Of course, this does not mean that we don’t have good technology options today. As of now, the easiest way to produce hydrogen without releasing carbon emissions is by using hydroelectric and geothermal energy. These two energy sources circumvent the economic efficiency issue by using the fact that these are both efficient sources of inexhaustible energy.
Why Use Nuclear Power?
But while these two alternative energy sources provide a solution to continually produce hydrogen at a relatively sufficient rate, it still does not completely solve the challenge of increasing hydrogen production to a level where it could potentially support an entire hydrogen fuel cell infrastructure. Eventually, the traditional “green” extraction method would probably reach a theoretical threshold limit that would make a geothermal or hydroelectric power plant incapable of producing the regularly needed amount of hydrogen.
This is where the idea of using nuclear energy comes in. Nuclear energy, unlike other conventional alternative energy sources is capable of producing a huge amount of energy in just a short amount of time. This makes it the ideal energy source that could accelerate hydrogen production to economically competitive levels regardless of the growing demand.
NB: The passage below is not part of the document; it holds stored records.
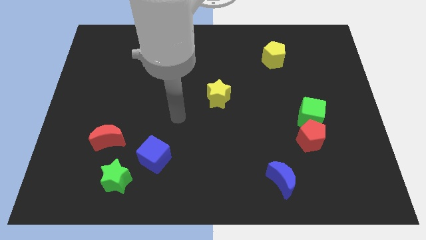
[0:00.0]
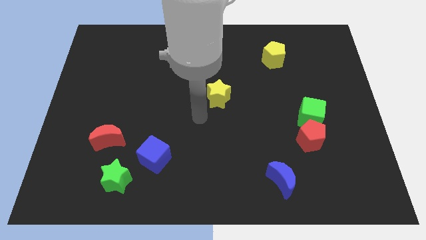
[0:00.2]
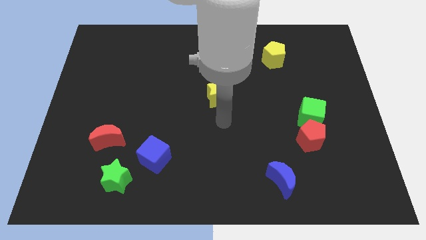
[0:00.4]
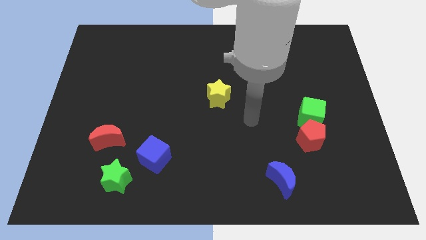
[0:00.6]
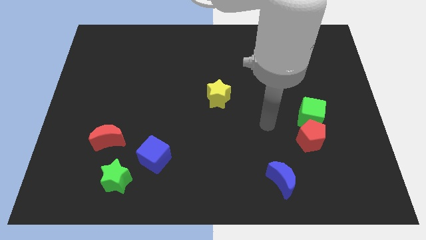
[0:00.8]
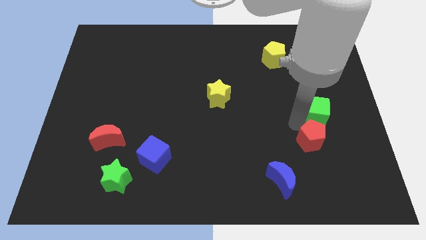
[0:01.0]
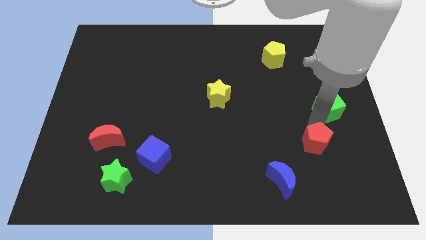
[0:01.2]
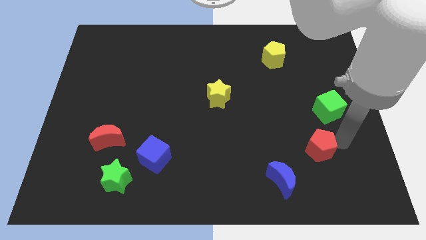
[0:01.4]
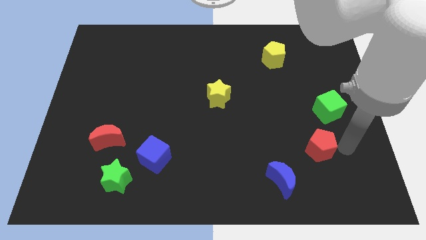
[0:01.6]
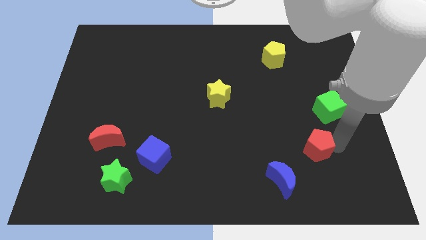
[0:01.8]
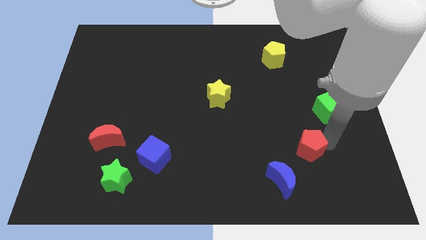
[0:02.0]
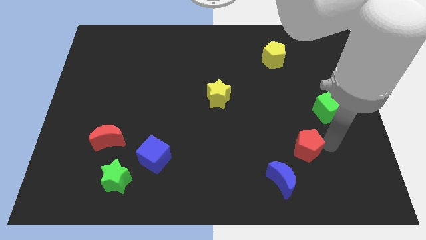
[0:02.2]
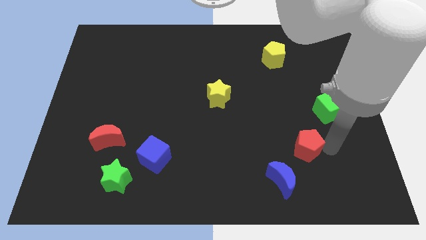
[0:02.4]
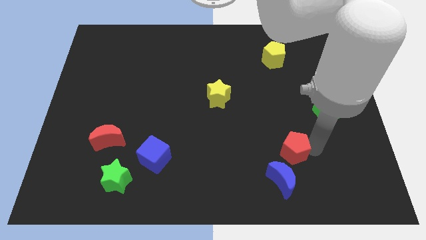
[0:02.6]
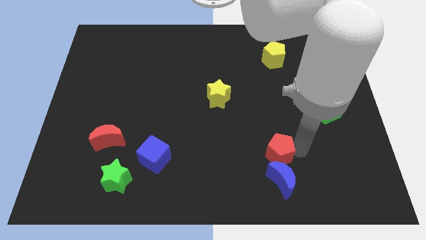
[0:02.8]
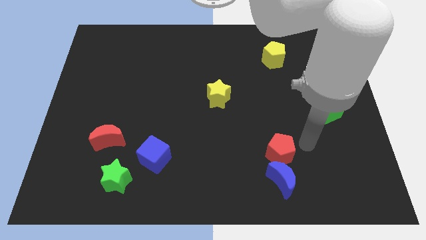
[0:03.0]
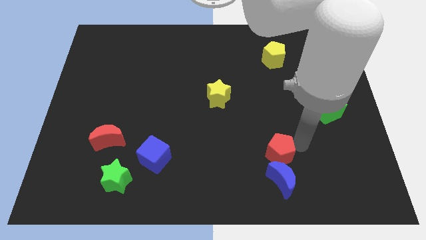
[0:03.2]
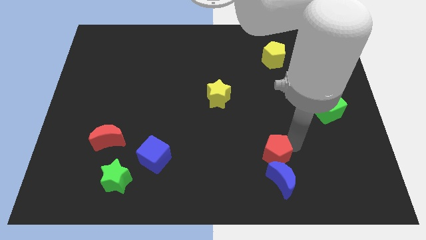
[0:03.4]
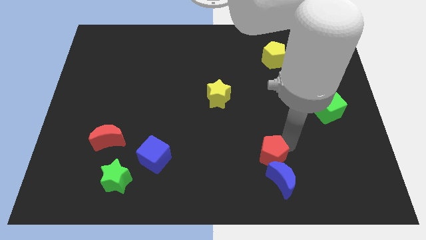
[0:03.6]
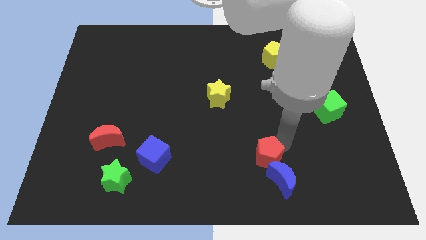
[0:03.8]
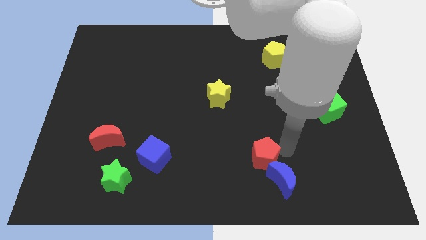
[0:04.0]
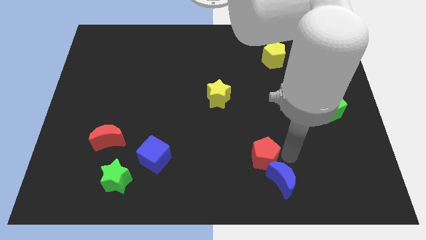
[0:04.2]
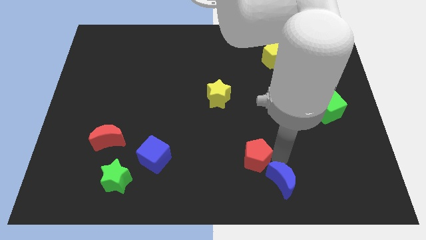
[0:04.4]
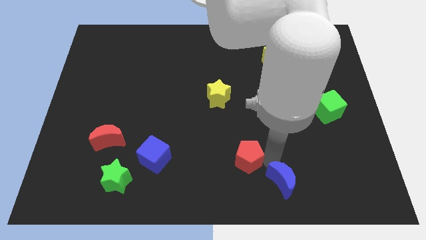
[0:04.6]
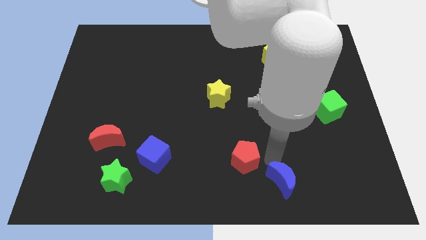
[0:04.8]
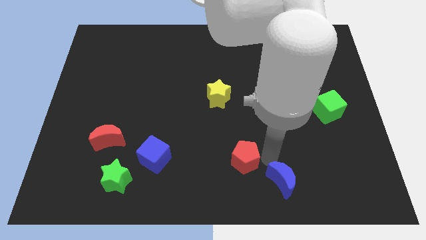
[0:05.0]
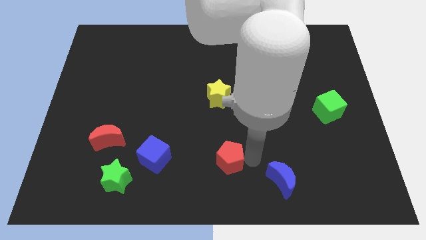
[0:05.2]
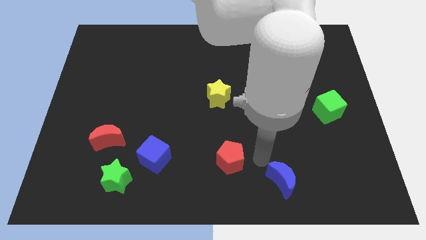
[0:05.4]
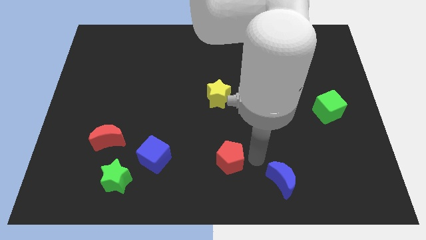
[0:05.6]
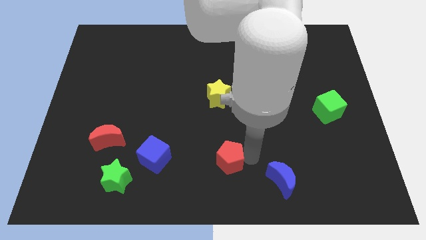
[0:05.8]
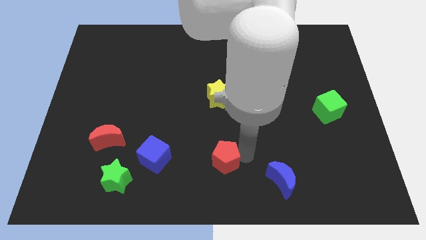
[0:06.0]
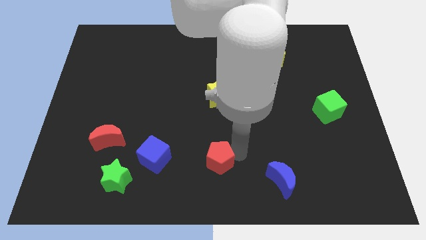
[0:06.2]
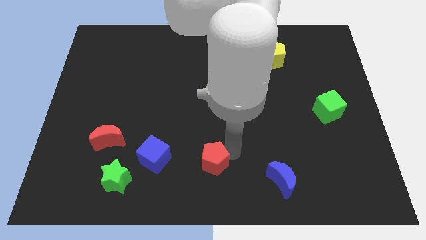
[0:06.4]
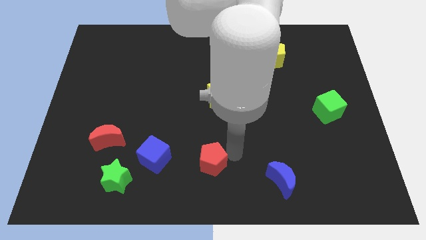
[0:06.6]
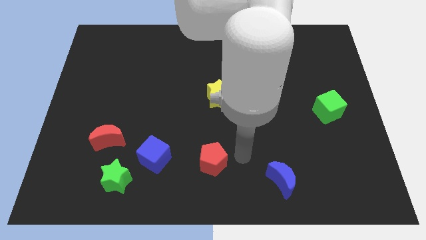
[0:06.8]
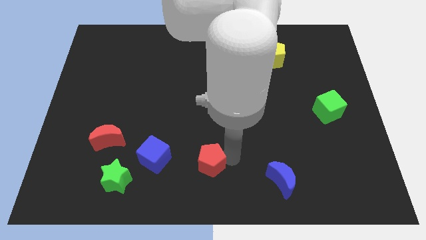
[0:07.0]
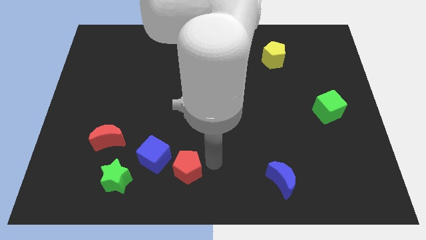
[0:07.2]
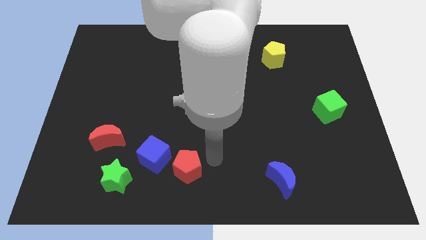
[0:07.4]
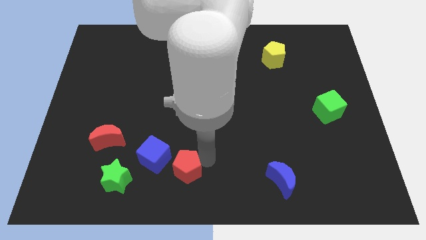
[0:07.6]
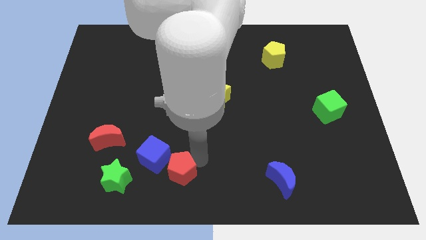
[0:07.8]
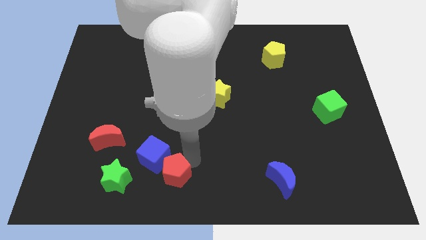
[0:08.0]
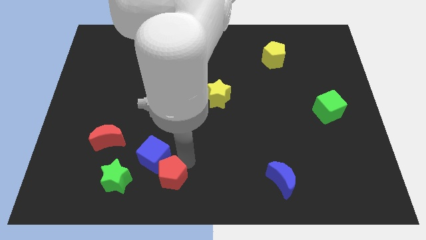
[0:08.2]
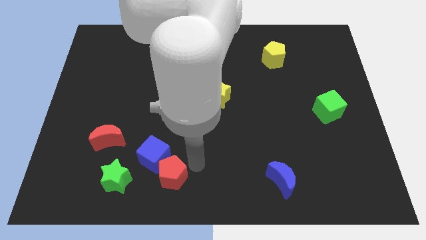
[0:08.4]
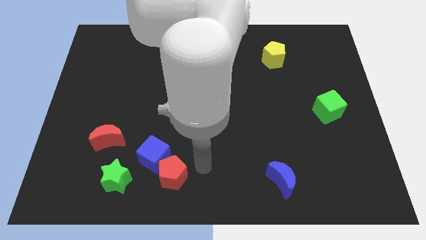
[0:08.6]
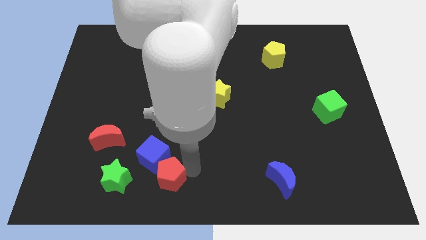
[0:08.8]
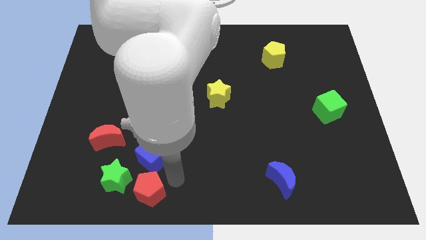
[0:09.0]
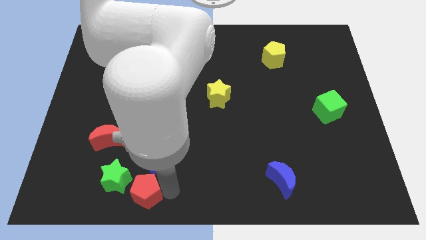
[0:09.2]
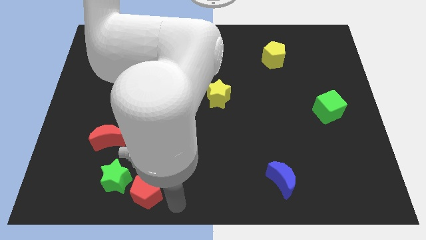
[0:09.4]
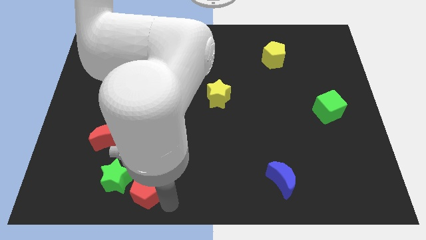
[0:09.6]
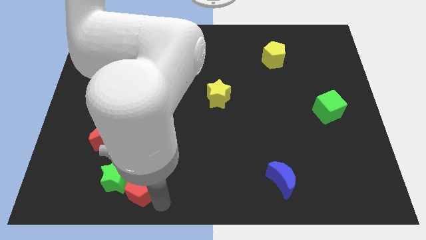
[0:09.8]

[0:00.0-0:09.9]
push the red pentagon towards the green star

A basic idea to use nuclear power for hydrogen production is by using the nuclear reactors’ excess heat energy, in the same way as how it is used in a cogeneration process to provide heat for various purposes. The production process would most likely use the collected heat energy to both turn water into steam and power a heat engine that would direct an electrolyzer to separate the steam into oxygen and hydrogen.
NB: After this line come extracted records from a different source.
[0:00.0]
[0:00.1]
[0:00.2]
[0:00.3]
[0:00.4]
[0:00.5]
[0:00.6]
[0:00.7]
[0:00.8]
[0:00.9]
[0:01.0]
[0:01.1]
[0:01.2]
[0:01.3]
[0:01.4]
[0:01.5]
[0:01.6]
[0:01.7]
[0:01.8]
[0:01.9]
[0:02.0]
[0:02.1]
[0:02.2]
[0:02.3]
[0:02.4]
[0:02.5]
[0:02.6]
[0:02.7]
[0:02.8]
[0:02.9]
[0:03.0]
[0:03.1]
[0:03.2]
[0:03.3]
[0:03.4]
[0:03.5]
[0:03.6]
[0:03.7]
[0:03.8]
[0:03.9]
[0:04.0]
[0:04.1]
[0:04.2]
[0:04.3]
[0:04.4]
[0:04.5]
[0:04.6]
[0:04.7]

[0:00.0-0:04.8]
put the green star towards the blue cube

The idea of using nuclear power to produce hydrogen is getting more and more accepted today as scientists and researchers search for the most practical solution that would solve both this planet’s environmental problems and the looming energy crisis. In fact, even if safety regulations and other traditional limitations are still there to significantly reduce the economic efficiency of nuclear fission energy, producing hydrogen would probably still be on the list of the default things that future fourth generation nuclear reactors would be designed to do.